▶ [Task objective]: Leaving out the images, repeat all the lines below exactly.

Records from a data collection:
*** Begin section ***

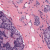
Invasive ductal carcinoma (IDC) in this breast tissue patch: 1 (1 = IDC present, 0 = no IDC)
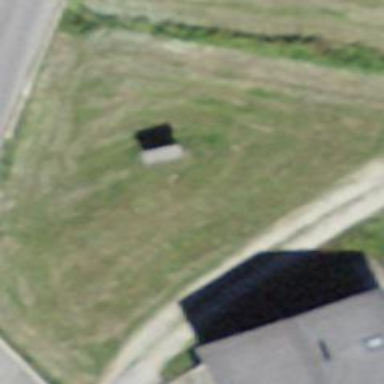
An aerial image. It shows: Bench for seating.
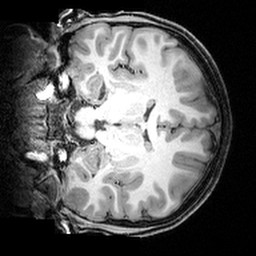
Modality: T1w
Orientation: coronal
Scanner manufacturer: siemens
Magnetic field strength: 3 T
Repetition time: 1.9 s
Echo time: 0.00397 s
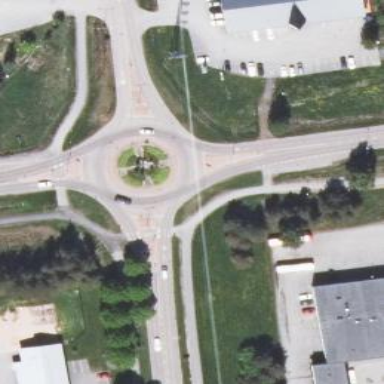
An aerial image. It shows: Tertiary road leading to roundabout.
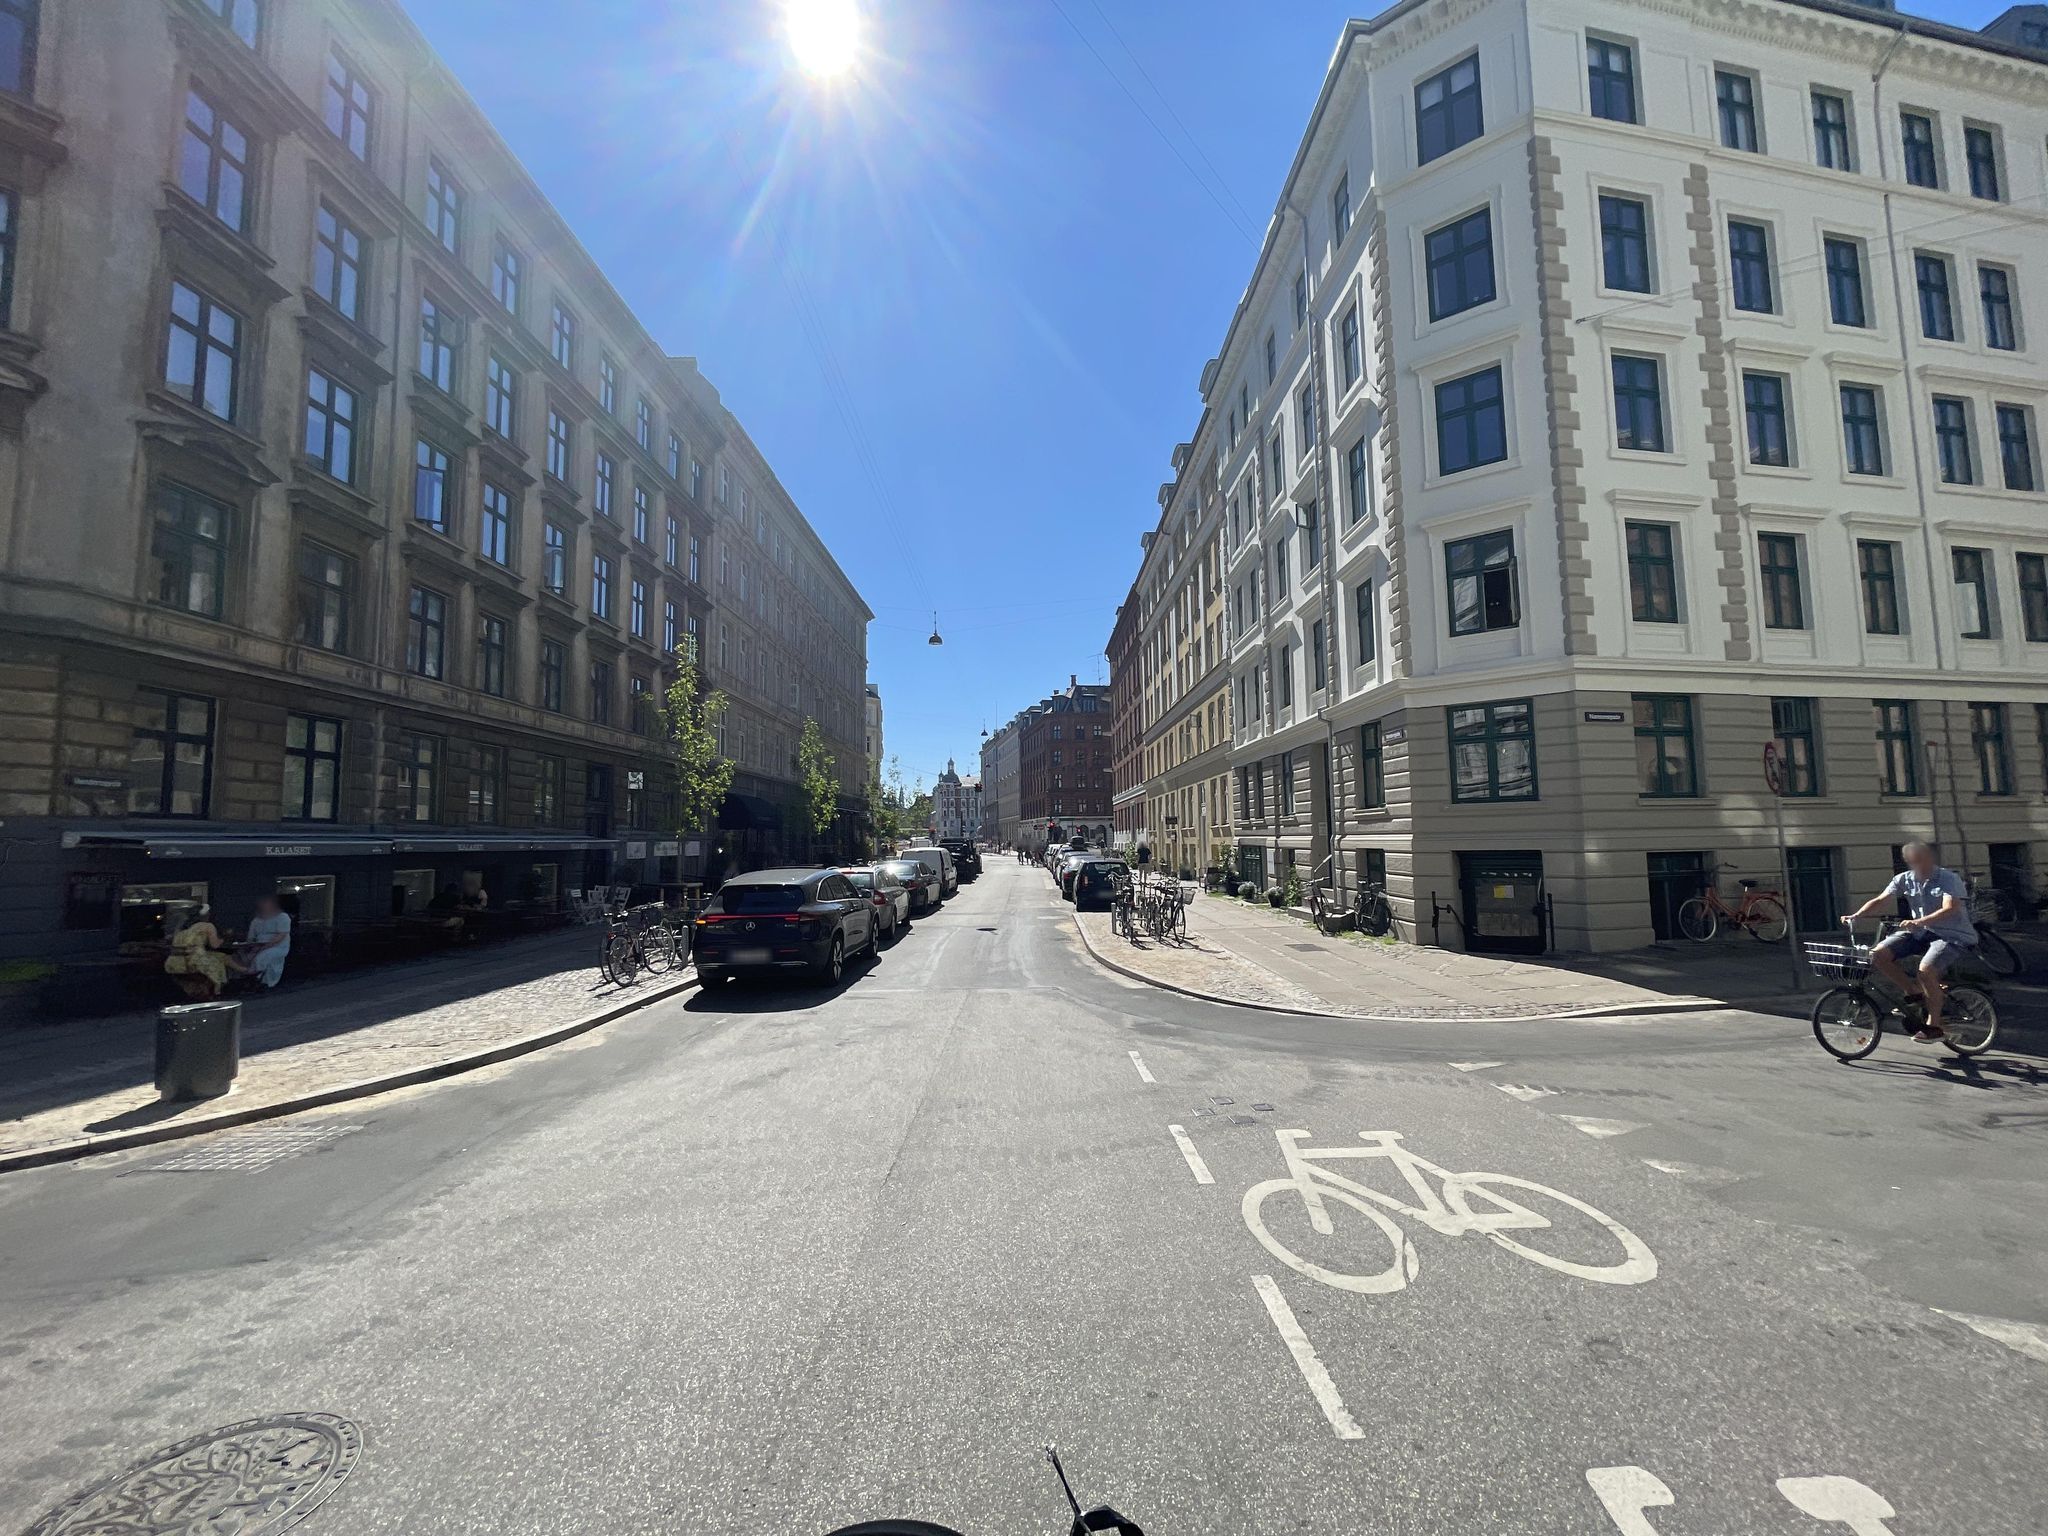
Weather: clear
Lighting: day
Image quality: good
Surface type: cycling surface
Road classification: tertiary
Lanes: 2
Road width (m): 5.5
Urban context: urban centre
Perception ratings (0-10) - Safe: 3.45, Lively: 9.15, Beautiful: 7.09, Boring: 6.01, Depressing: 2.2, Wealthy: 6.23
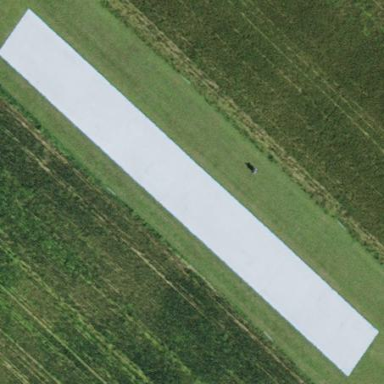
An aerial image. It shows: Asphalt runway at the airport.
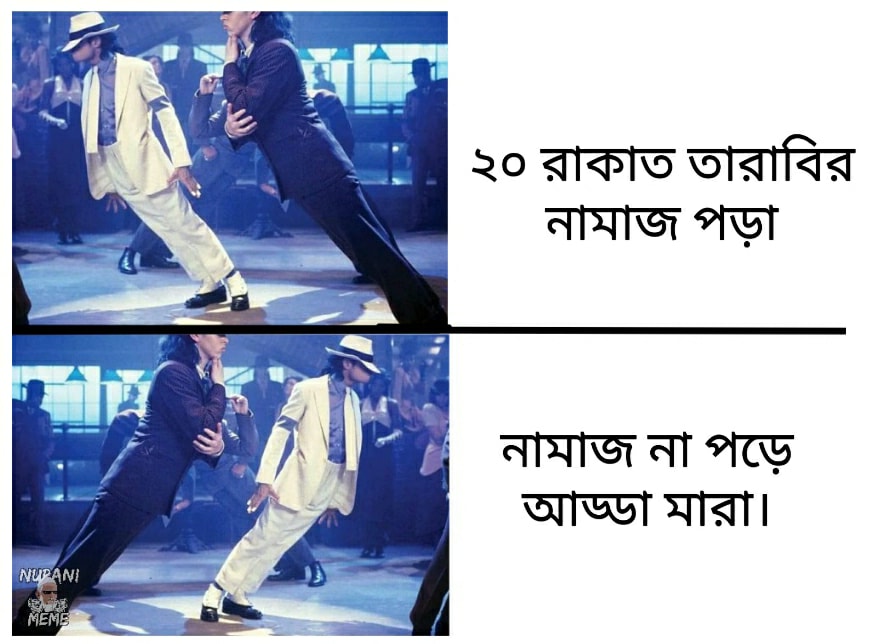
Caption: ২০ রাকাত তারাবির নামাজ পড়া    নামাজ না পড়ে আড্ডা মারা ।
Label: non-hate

*** End section ***

▶ [Completed exercise]:
Invasive ductal carcinoma (IDC) in this breast tissue patch: 1 (1 = IDC present, 0 = no IDC)
An aerial image. It shows: Bench for seating.
Modality: T1w
Orientation: coronal
Scanner manufacturer: siemens
Magnetic field strength: 3 T
Repetition time: 1.9 s
Echo time: 0.00397 s
An aerial image. It shows: Tertiary road leading to roundabout.
Weather: clear
Lighting: day
Image quality: good
Surface type: cycling surface
Road classification: tertiary
Lanes: 2
Road width (m): 5.5
Urban context: urban centre
Perception ratings (0-10) - Safe: 3.45, Lively: 9.15, Beautiful: 7.09, Boring: 6.01, Depressing: 2.2, Wealthy: 6.23
An aerial image. It shows: Asphalt runway at the airport.
Caption: ২০ রাকাত তারাবির নামাজ পড়া    নামাজ না পড়ে আড্ডা মারা ।
Label: non-hate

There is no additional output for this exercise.